REQUIREMENT:
Restate all the entries exactly as they appear, apart from the pictures.

SOURCE RECORDS:
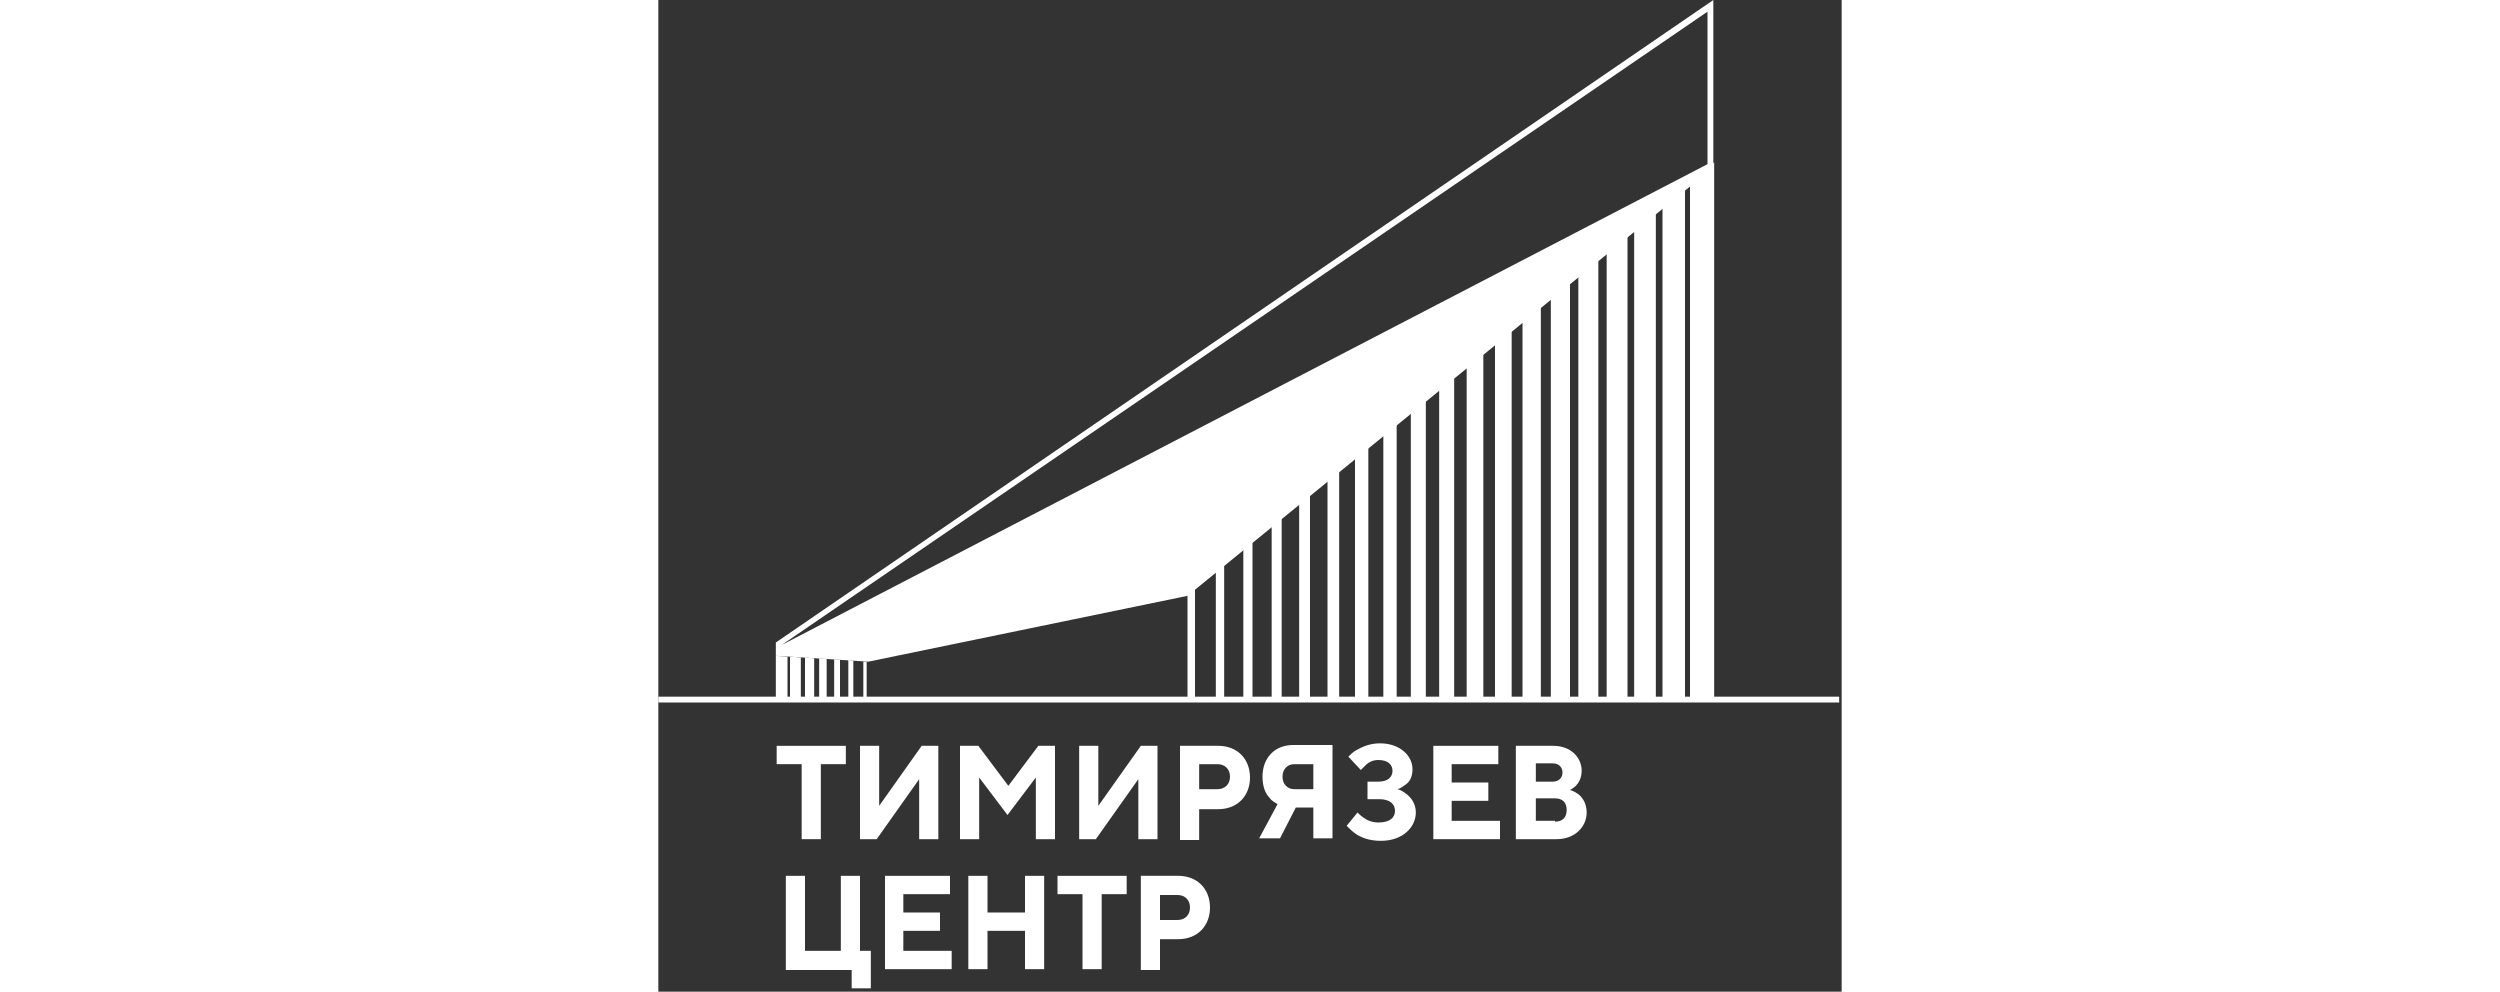 <svg width="300"  viewBox="0 0 142 119" fill="none" xmlns="http://www.w3.org/2000/svg">
<rect x="0" y="0" width="142" height="119" fill="#333333" stroke="none"/>
<path d="M17.2 91.7H14.2V89.5H22.5V91.7H19.5V100.7H17.2V91.7Z" fill="white"/>
<path d="M24.2 89.5H26.5V96.7L31.6 89.5H33.6V100.7H31.3V93.5L26.2 100.7H24.2V89.5Z" fill="white"/>
<path d="M36.4 89.5H38.4L42 94.3L45.6 89.5H47.6V100.7H45.3V93.3L41.9 97.8L38.5 93.3V100.7H36.2V89.5H36.4Z" fill="white"/>
<path d="M50.5 89.5H52.8V96.7L57.9 89.5H59.9V100.7H57.6V93.5L52.5 100.7H50.5V89.5Z" fill="white"/>
<path d="M62.7 89.5H67.2C69.5 89.5 71 91.1 71 93.3C71 95.5 69.5 97.1 67.2 97.1H64.9V100.8H62.6V89.5H62.7ZM67.1 94.7C68 94.7 68.6 94.1 68.6 93.2C68.6 92.3 68 91.7 67.1 91.7H64.9V94.7H67.1Z" fill="white"/>
<path d="M74.3 96.5C74 96.3 73.6 96.1 73.4 95.8C72.9 95.3 72.5 94.5 72.5 93.2C72.5 91 73.9 89.4 76.2 89.4H80.9V100.6H78.6V96.9H76.5L74.6 100.6H72.1L74.3 96.5ZM78.6 94.7V91.7H76.3C75.5 91.7 74.9 92.3 74.9 93.2C74.9 94.1 75.5 94.7 76.3 94.7H78.6Z" fill="white"/>
<path d="M83.9 97.5C84.1 97.7 84.3 97.9 84.6 98.1C85 98.4 85.6 98.7 86.4 98.7C87.8 98.7 88.4 98.1 88.4 97.3C88.4 96.5 87.8 95.9 86.5 95.9H85.1V93.8H86.4C87.6 93.8 88.1 93.2 88.1 92.5C88.1 91.8 87.6 91.2 86.4 91.2C85.7 91.2 85.2 91.5 84.9 91.8C84.7 92 84.5 92.2 84.3 92.4L82.8 90.8C83.1 90.5 83.4 90.2 83.8 90C84.5 89.6 85.4 89.2 86.6 89.2C89 89.2 90.5 90.7 90.5 92.3C90.5 93.3 90.1 93.9 89.6 94.2C89.3 94.4 89.1 94.6 88.7 94.7C89.1 94.8 89.4 95 89.8 95.3C90.3 95.7 90.9 96.4 90.9 97.5C90.9 99.2 89.4 100.9 86.7 100.9C85.3 100.9 84.3 100.5 83.6 100C83.2 99.7 82.9 99.4 82.6 99.1L83.9 97.5Z" fill="white"/>
<path d="M92.9 89.5H100.8V91.7H95.2V93.9H99.6V96.1H95.2V98.5H101V100.7H93V89.5H92.9Z" fill="white"/>
<path d="M102.9 89.5H107.4C109.5 89.5 110.8 90.9 110.8 92.5C110.8 93.4 110.4 94 110.1 94.3C109.9 94.5 109.6 94.7 109.4 94.8C109.8 94.9 110.1 95.1 110.4 95.3C110.9 95.7 111.4 96.4 111.4 97.5C111.4 99.2 110 100.7 107.8 100.7H102.9V89.5ZM107.3 93.8C108.1 93.8 108.5 93.3 108.5 92.7C108.5 92.1 108.1 91.6 107.3 91.6H105.3V93.8H107.3ZM107.6 98.6C108.5 98.6 109 98.1 109 97.2C109 96.3 108.5 95.8 107.6 95.8H105.3V98.5H107.6V98.6Z" fill="white"/>
<path d="M15.3 105.1H17.6V114.1H21.9V105.1H24.2V114.1H25.5V118.6H23.2V116.4H15.3V105.1Z" fill="white"/>
<path d="M27.1 105.1H35V107.3H29.4V109.5H33.8V111.7H29.4V114.1H35.2V116.3H27.2V105.1H27.1Z" fill="white"/>
<path d="M37.2 105.1H39.5V109.5H44V105.1H46.3V116.3H44V111.7H39.5V116.3H37.2V105.1Z" fill="white"/>
<path d="M50.9 107.3H47.9V105.1H56.2V107.3H53.2V116.3H50.9V107.3Z" fill="white"/>
<path d="M57.9 105.1H62.4C64.7 105.1 66.2 106.7 66.2 108.9C66.2 111.1 64.7 112.7 62.4 112.7H60.2V116.4H57.9V105.1ZM62.3 110.4C63.2 110.4 63.8 109.8 63.8 108.9C63.8 108 63.2 107.4 62.3 107.4H60.2V110.4H62.3Z" fill="white"/>
<path d="M123.8 21.8V84H126.7V19.5L123.8 21.8Z" fill="white"/>
<path d="M120.5 84H123.2V22.3L120.5 24.5V84Z" fill="white"/>
<path d="M117.1 84H119.7V25.1L117.1 27.2V84Z" fill="white"/>
<path d="M113.8 84H116.3V27.9L113.8 29.9V84Z" fill="white"/>
<path d="M110.4 84H112.8V30.7L110.4 32.6V84Z" fill="white"/>
<path d="M107.1 84H109.4V33.5L107.1 35.4V84Z" fill="white"/>
<path d="M103.7 84H105.9V36.3L103.7 38.1V84Z" fill="white"/>
<path d="M100.4 84H102.4V39.1L100.4 40.8V84Z" fill="white"/>
<path d="M97 84H99V41.9L97 43.5V84Z" fill="white"/>
<path d="M93.7 84H95.5V44.7L93.7 46.2V84Z" fill="white"/>
<path d="M90.3 84H92.1V47.5L90.3 48.9V84Z" fill="white"/>
<path d="M87 84H88.6V50.3L87 51.7V84Z" fill="white"/>
<path d="M83.6 84H85.2V53.1L83.6 54.4V84Z" fill="white"/>
<path d="M80.3 84H81.7V56L80.3 57.1V84Z" fill="white"/>
<path d="M76.9 84H78.2V58.8L76.9 59.8V84Z" fill="white"/>
<path d="M73.6 84H74.8V61.6L73.6 62.5V84Z" fill="white"/>
<path d="M70.2 84H71.3V64.4L70.2 65.2V84Z" fill="white"/>
<path d="M66.9 84H67.9V67.2L66.9 68V84Z" fill="white"/>
<path d="M63.5 84H64.4V70L63.5 70.7V84Z" fill="white"/>
<path d="M24.6 79.4V83.9H25V79.4H24.6Z" fill="white"/>
<path d="M22.8 83.9H23.4V79.3L22.8 79.2V83.9Z" fill="white"/>
<path d="M21.1 83.9H21.8V79.2L21.1 79.1V83.9Z" fill="white"/>
<path d="M19.3 83.9H20.2V79.1L19.3 79V83.9Z" fill="white"/>
<path d="M17.6 83.9H18.7V79L17.6 78.9V83.9Z" fill="white"/>
<path d="M15.8 83.9H17.1V78.9L15.8 78.8V83.9Z" fill="white"/>
<path d="M14.1 83.9H15.5V78.8L14.1 78.7V83.9Z" fill="white"/>
<path d="M141.7 83.6H0V84.3H141.7V83.6Z" fill="white"/>
<path d="M14.1 77.1V78.7L25.2 79.4L63.5 71.5L126.6 20.1V19.8V0L14.1 77.1ZM14.8 77.4L125.9 1.4V19.7L14.8 77.4Z" fill="white"/>
</svg>

YOUR RESPONSE:
 <svg width="300"  viewBox="0 0 142 119" fill="none" xmlns="http://www.w3.org/2000/svg">
<rect x="0" y="0" width="142" height="119" fill="#333333" stroke="none"/>
<path d="M17.2 91.7H14.2V89.5H22.5V91.7H19.5V100.7H17.2V91.7Z" fill="white"/>
<path d="M24.2 89.5H26.5V96.7L31.6 89.5H33.6V100.7H31.3V93.5L26.2 100.7H24.2V89.5Z" fill="white"/>
<path d="M36.4 89.5H38.4L42 94.3L45.6 89.5H47.6V100.7H45.3V93.3L41.9 97.8L38.5 93.3V100.7H36.2V89.5H36.4Z" fill="white"/>
<path d="M50.5 89.5H52.8V96.7L57.9 89.5H59.9V100.7H57.6V93.5L52.5 100.7H50.5V89.5Z" fill="white"/>
<path d="M62.7 89.5H67.2C69.5 89.5 71 91.1 71 93.3C71 95.5 69.5 97.1 67.2 97.1H64.9V100.8H62.6V89.5H62.7ZM67.1 94.7C68 94.7 68.6 94.1 68.6 93.2C68.6 92.3 68 91.7 67.1 91.7H64.9V94.7H67.1Z" fill="white"/>
<path d="M74.3 96.5C74 96.3 73.6 96.1 73.4 95.8C72.9 95.3 72.5 94.5 72.5 93.2C72.5 91 73.9 89.4 76.2 89.4H80.9V100.6H78.6V96.9H76.5L74.6 100.6H72.1L74.3 96.5ZM78.6 94.7V91.7H76.3C75.5 91.7 74.9 92.3 74.9 93.2C74.9 94.1 75.5 94.7 76.3 94.7H78.6Z" fill="white"/>
<path d="M83.9 97.5C84.1 97.7 84.3 97.9 84.6 98.1C85 98.4 85.6 98.7 86.4 98.7C87.8 98.7 88.4 98.1 88.4 97.3C88.4 96.5 87.8 95.9 86.5 95.9H85.1V93.8H86.4C87.6 93.8 88.1 93.2 88.1 92.5C88.1 91.8 87.6 91.2 86.4 91.2C85.7 91.2 85.2 91.5 84.9 91.8C84.7 92 84.5 92.2 84.3 92.4L82.8 90.8C83.1 90.5 83.4 90.2 83.8 90C84.5 89.6 85.4 89.2 86.6 89.2C89 89.2 90.5 90.7 90.5 92.3C90.5 93.3 90.1 93.9 89.6 94.2C89.3 94.4 89.1 94.6 88.7 94.7C89.1 94.8 89.4 95 89.8 95.3C90.3 95.7 90.9 96.4 90.9 97.5C90.9 99.2 89.4 100.9 86.7 100.9C85.3 100.9 84.3 100.5 83.6 100C83.2 99.7 82.9 99.4 82.6 99.1L83.9 97.5Z" fill="white"/>
<path d="M92.9 89.5H100.8V91.7H95.2V93.9H99.6V96.1H95.2V98.5H101V100.7H93V89.5H92.9Z" fill="white"/>
<path d="M102.9 89.5H107.4C109.5 89.5 110.8 90.9 110.8 92.5C110.8 93.4 110.4 94 110.1 94.3C109.9 94.5 109.6 94.7 109.4 94.8C109.8 94.9 110.1 95.1 110.4 95.3C110.9 95.7 111.4 96.4 111.4 97.5C111.4 99.2 110 100.7 107.8 100.7H102.9V89.5ZM107.3 93.8C108.1 93.8 108.5 93.3 108.5 92.7C108.5 92.1 108.1 91.6 107.3 91.6H105.3V93.8H107.3ZM107.6 98.6C108.5 98.6 109 98.1 109 97.2C109 96.3 108.5 95.8 107.6 95.8H105.3V98.5H107.6V98.6Z" fill="white"/>
<path d="M15.3 105.1H17.6V114.1H21.9V105.1H24.2V114.1H25.5V118.6H23.2V116.4H15.3V105.1Z" fill="white"/>
<path d="M27.1 105.1H35V107.3H29.4V109.5H33.8V111.7H29.4V114.1H35.2V116.3H27.2V105.1H27.1Z" fill="white"/>
<path d="M37.2 105.1H39.5V109.5H44V105.1H46.3V116.3H44V111.7H39.5V116.3H37.2V105.1Z" fill="white"/>
<path d="M50.9 107.3H47.9V105.1H56.2V107.3H53.2V116.3H50.9V107.3Z" fill="white"/>
<path d="M57.9 105.1H62.4C64.7 105.1 66.2 106.7 66.2 108.9C66.2 111.1 64.7 112.7 62.4 112.7H60.2V116.4H57.9V105.1ZM62.3 110.4C63.2 110.4 63.8 109.8 63.8 108.9C63.8 108 63.2 107.4 62.3 107.4H60.2V110.4H62.3Z" fill="white"/>
<path d="M123.8 21.8V84H126.7V19.5L123.8 21.8Z" fill="white"/>
<path d="M120.5 84H123.2V22.3L120.5 24.5V84Z" fill="white"/>
<path d="M117.1 84H119.7V25.1L117.1 27.2V84Z" fill="white"/>
<path d="M113.8 84H116.3V27.9L113.8 29.9V84Z" fill="white"/>
<path d="M110.4 84H112.8V30.7L110.4 32.6V84Z" fill="white"/>
<path d="M107.1 84H109.4V33.5L107.1 35.4V84Z" fill="white"/>
<path d="M103.7 84H105.9V36.3L103.7 38.1V84Z" fill="white"/>
<path d="M100.4 84H102.4V39.1L100.4 40.8V84Z" fill="white"/>
<path d="M97 84H99V41.9L97 43.5V84Z" fill="white"/>
<path d="M93.7 84H95.5V44.7L93.7 46.2V84Z" fill="white"/>
<path d="M90.3 84H92.1V47.5L90.3 48.9V84Z" fill="white"/>
<path d="M87 84H88.6V50.3L87 51.7V84Z" fill="white"/>
<path d="M83.6 84H85.2V53.1L83.6 54.4V84Z" fill="white"/>
<path d="M80.3 84H81.7V56L80.3 57.1V84Z" fill="white"/>
<path d="M76.9 84H78.2V58.8L76.9 59.8V84Z" fill="white"/>
<path d="M73.6 84H74.8V61.6L73.6 62.5V84Z" fill="white"/>
<path d="M70.2 84H71.3V64.4L70.2 65.2V84Z" fill="white"/>
<path d="M66.9 84H67.9V67.2L66.9 68V84Z" fill="white"/>
<path d="M63.5 84H64.4V70L63.5 70.7V84Z" fill="white"/>
<path d="M24.6 79.4V83.9H25V79.4H24.6Z" fill="white"/>
<path d="M22.8 83.9H23.4V79.3L22.8 79.2V83.9Z" fill="white"/>
<path d="M21.1 83.9H21.8V79.2L21.1 79.1V83.9Z" fill="white"/>
<path d="M19.3 83.9H20.2V79.1L19.3 79V83.9Z" fill="white"/>
<path d="M17.6 83.9H18.7V79L17.6 78.9V83.9Z" fill="white"/>
<path d="M15.8 83.9H17.1V78.9L15.8 78.8V83.9Z" fill="white"/>
<path d="M14.1 83.9H15.5V78.8L14.1 78.7V83.9Z" fill="white"/>
<path d="M141.7 83.6H0V84.3H141.7V83.6Z" fill="white"/>
<path d="M14.1 77.1V78.7L25.2 79.4L63.5 71.5L126.6 20.1V19.8V0L14.1 77.1ZM14.8 77.4L125.9 1.4V19.7L14.8 77.4Z" fill="white"/>
</svg>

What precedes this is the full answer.